The use of a preoperative carbohydrate drink for paediatric spinal fusion patients is not only safe, but significantly improves time to return of bowel function and leads to a positive increase in postoperative comfort levels. This is according to new research which was presented by Jennifer M Bauer (Seattle Children’s Hospital, Seattle, USA) at the Scoliosis Research Society’s (SRS) 57th annual meeting (14–17 September 2022; Stockholm, Sweden), where it won the Louis A. Goldstein Best Clinical Research Poster award.
As rapid discharge protocols for paediatric spine fusion shorten stays, gastrointestinal (GI) limitations including constipation, emesis, and paralytic ileus are uncovered and cause delays in discharge or readmission, note the study authors.
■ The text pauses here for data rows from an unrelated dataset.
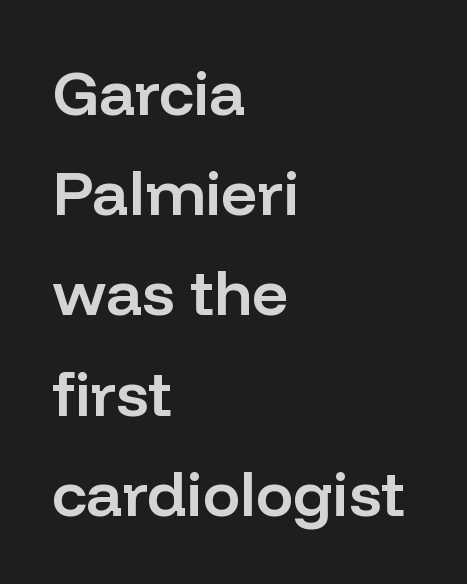
The image shows 63 px semibold sans-serif type, upright; set left-aligned, normal line spacing (1.59x), normal letter spacing, not underlined; low stroke contrast and a medium x-height.
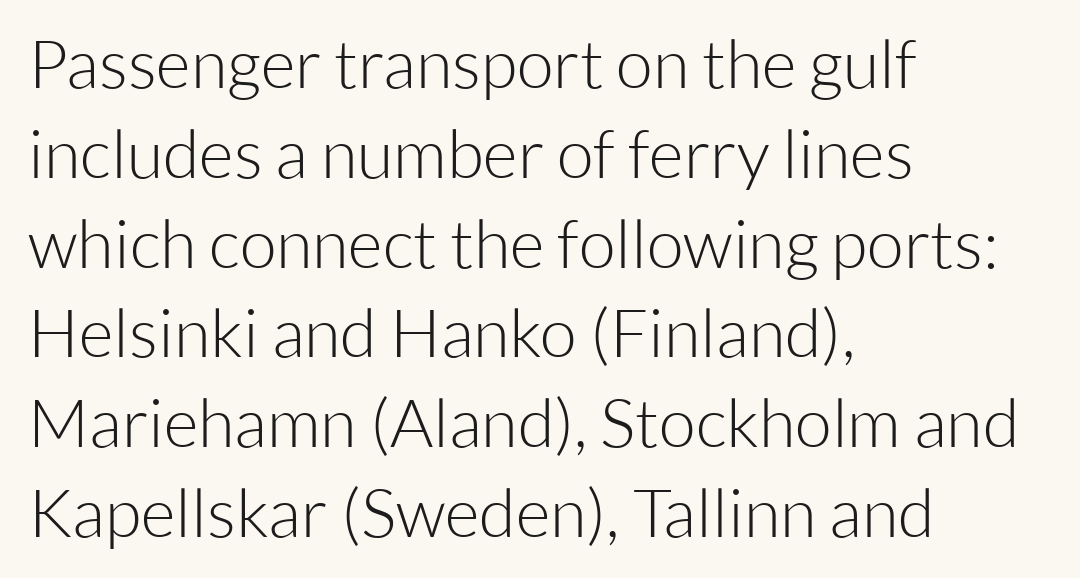
The image shows 67 px light sans-serif type, upright; set left-aligned, normal line spacing (1.34x), normal letter spacing, not underlined; low stroke contrast and a medium x-height.
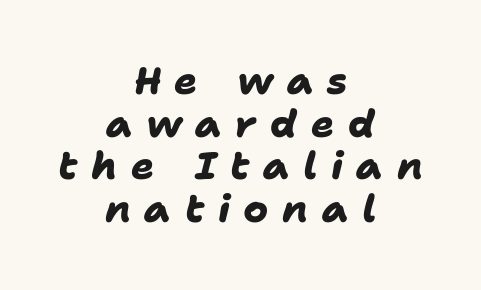
Q: Is the text bold? A: Yes.
Q: Is the typeface a serif or a sans-serif typeface? A: Sans-serif.
Q: Is the text underlined? A: No.
Q: How is the paragraph aligned? A: Centered.
Q: Is the spacing between letters normal or unusually wide? A: Unusually wide.
Q: Is the spacing between lines tight, normal or loose? A: Tight.
Q: Width (condensed, normal, or wide)? A: Normal.
Q: Stroke contrast? A: Low.
Q: x-height? A: Medium.
Q: Monospaced? A: No.
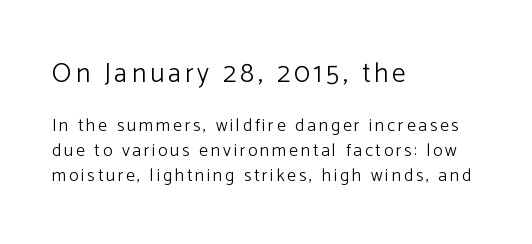
{"italic": "no", "bold": "no", "underline": "no", "align": "left", "line_spacing": "normal", "line_spacing_ratio": 1.39, "larger_block": "first", "size_ratio": 1.5, "glyph_px": 27}
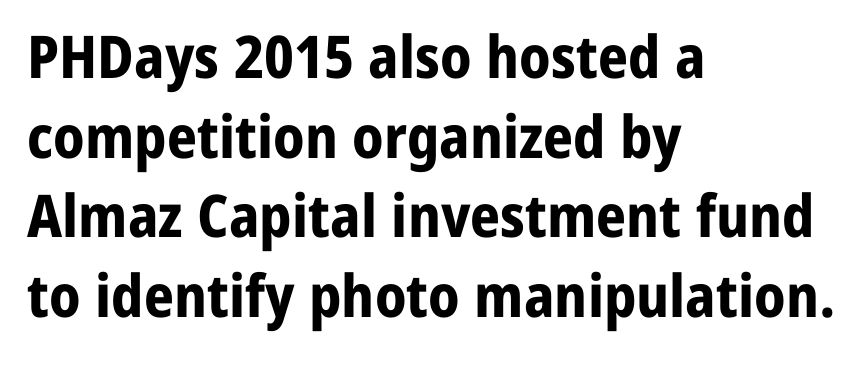
{"serif": "no", "italic": "no", "bold": "yes", "weight": "bold", "width": "normal", "stroke_contrast": "low", "x_height": "medium", "monospaced": "no", "underline": "no", "align": "left", "line_spacing": "normal", "line_spacing_ratio": 1.35, "letter_spacing": "normal", "letter_spacing_em": 0.0, "glyph_px": 59}
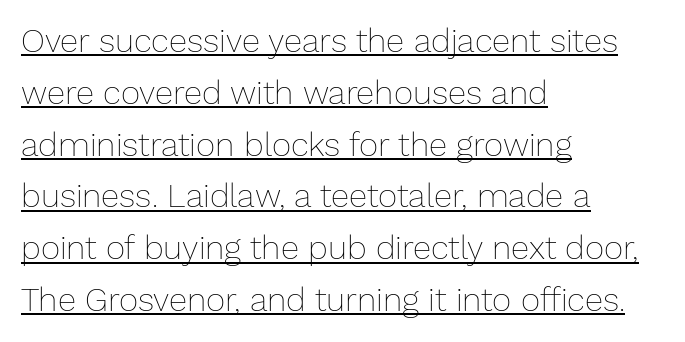
{"italic": "no", "bold": "no", "weight": "thin", "width": "normal", "stroke_contrast": "low", "x_height": "medium", "monospaced": "no", "underline": "yes", "align": "left", "line_spacing": "normal", "line_spacing_ratio": 1.57, "letter_spacing": "normal", "letter_spacing_em": 0.0, "glyph_px": 33}
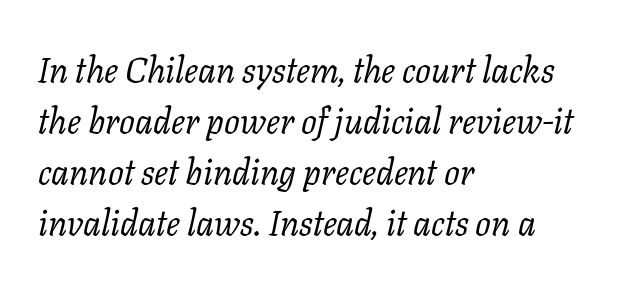
The image shows 35 px regular-weight serif type, italic (leaning right); set left-aligned, normal line spacing (1.46x), normal letter spacing, not underlined; low stroke contrast and a medium x-height.
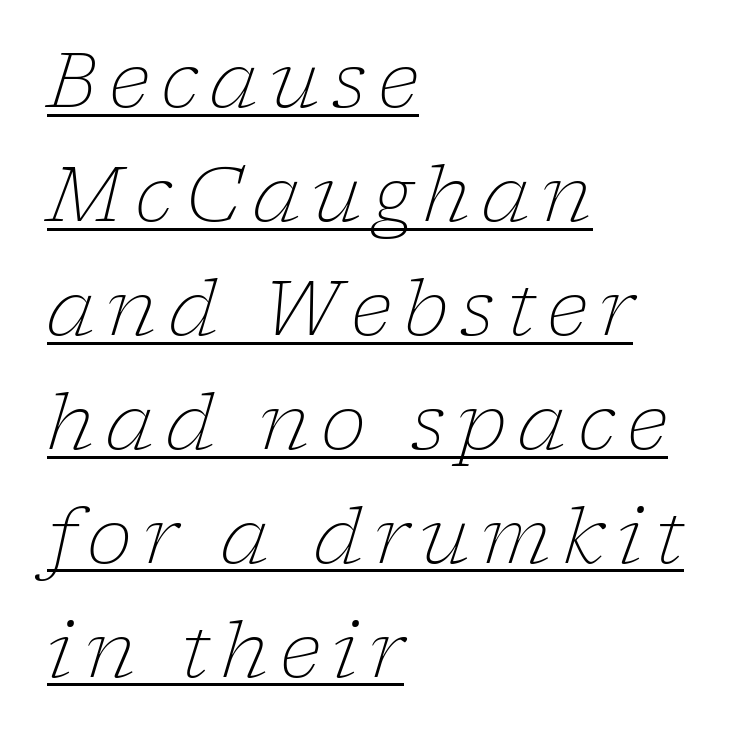
Beneath each row of characters lies a ruled line. These lines are rendered in a variable-pitch font. The passage shown is typeset with a serif family. The whole block is typeset with a tilt. Where is the straight margin? On the left.
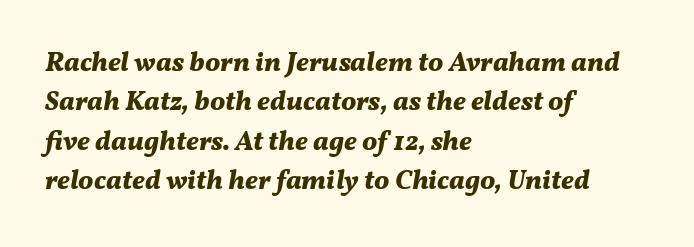
Every letter is thick-stroked: bold, no question. You can tell it's italic because the verticals aren't actually vertical. Anything drawn beneath the words? Only blank space. Each word holds together tightly as a unit, with standard inter-letter gaps. Leading matches the norm, producing a regular column.
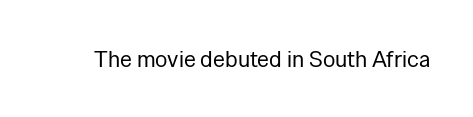
{"italic": "no", "bold": "no", "underline": "no", "letter_spacing": "normal", "letter_spacing_em": 0.0, "glyph_px": 23}
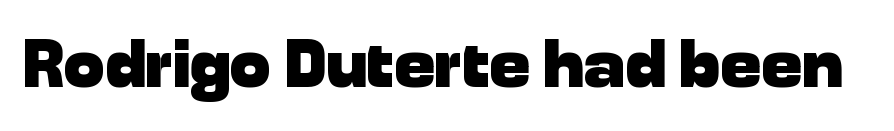
Plain, unruled lines of type. Looks like regular typesetting: each glyph gets only the width it needs. Designer's note — italics off, roman on. This is sans-serif lettering, the kind often seen on screens and signage.
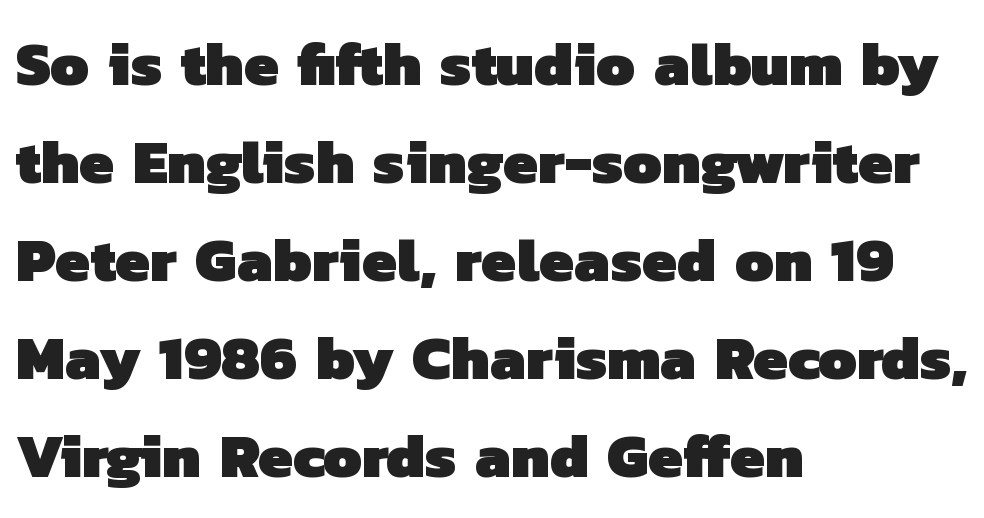
{"serif": "no", "bold": "yes", "weight": "heavy", "width": "normal", "stroke_contrast": "low", "x_height": "medium", "monospaced": "no", "underline": "no", "align": "left", "line_spacing": "normal", "line_spacing_ratio": 1.58, "letter_spacing": "normal", "letter_spacing_em": 0.0, "glyph_px": 62}
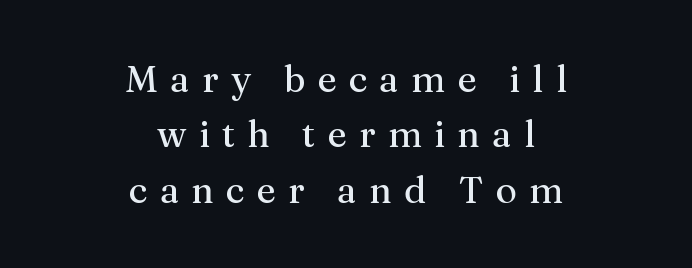
{"serif": "yes", "italic": "no", "bold": "no", "weight": "regular", "width": "normal", "stroke_contrast": "medium", "x_height": "medium", "monospaced": "no", "underline": "no", "align": "center", "line_spacing": "normal", "line_spacing_ratio": 1.5, "letter_spacing": "wide", "letter_spacing_em": 0.33, "glyph_px": 37}
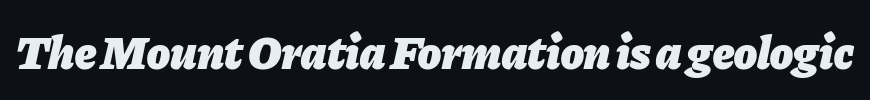
Q: Is the text bold? A: Yes.
Q: Is the text italic (slanted)? A: Yes, it leans right by about 11 degrees.
Q: Is the text underlined? A: No.
Q: Is the spacing between letters normal or unusually wide? A: Normal.
Q: Width (condensed, normal, or wide)? A: Normal.
Q: Stroke contrast? A: Low.
Q: x-height? A: Medium.
Q: Monospaced? A: No.

A preoperative carbohydrate drink has been shown to improve perioperative GI symptoms and function return in some patients, but has not been examined in paediatric nor spine patients, they add.
Bauer et al prospectively randomised American Society of Anaesthesiologists (ASA) 1+2 classification paediatric spine fusion patients who were above seven years of age to either pre-anaesthesia carbohydrate drink which was consumed two hours prior to surgery, or to a control group of standard eight hour nothing by mouth (nil per os [NPO]).
Time to return of flatus and first bowel movement, as well as GI symptoms such as emesis events or extra GI treatment such as suppository, were documented. Comfort scores were also collected preoperatively and twice daily for 72 hours postop or until discharge, as well as standard spine surgery related variables, morphine equivalents, and patient reported outcomes.
The study included 14 patients who were randomised to the control group and 20 to the carbohydrate drink group. The findings showed that there was no significant difference between the groups in total anaesthesia duration, with the carbohydrate drink group averaging 1.9 fewer levels fused (p=0.38) and 72cc less EVL (p=0.13).
There were no perioperative aspiration or other anaesthetic complications related to ingestion of the preoperative drink. The group that received the drink also had earlier return of flatus, with 69% vs. 33% return at 24 hours (p=0.04), and 100% by 48 hours vs. 100% by 72 hours.
In addition, there was no difference in return of bowel movement prior to discharge (15% drink vs. 14% control, p=0.9). Preoperative and 12-hour postoperative comfort scores were no different, but the drink group reported less nausea on a 0–100 scale at 24 hours (p=0.03), and less anxiety at both 24 hours (p=0.001) and 36 hours (p=0.017).
Speaking to Spinal News International, Bauer said: “Looking at ways to optimise our patients’ perioperative course is important. As in this case, we may be able to learn from other specialties’ strategies with our anaesthesia teams and adapt them to our patients.
“This was only a small pilot study, and thus more research should be done, but a pre-op carbohydrate drink for our patients was safe, and may help their recovery.”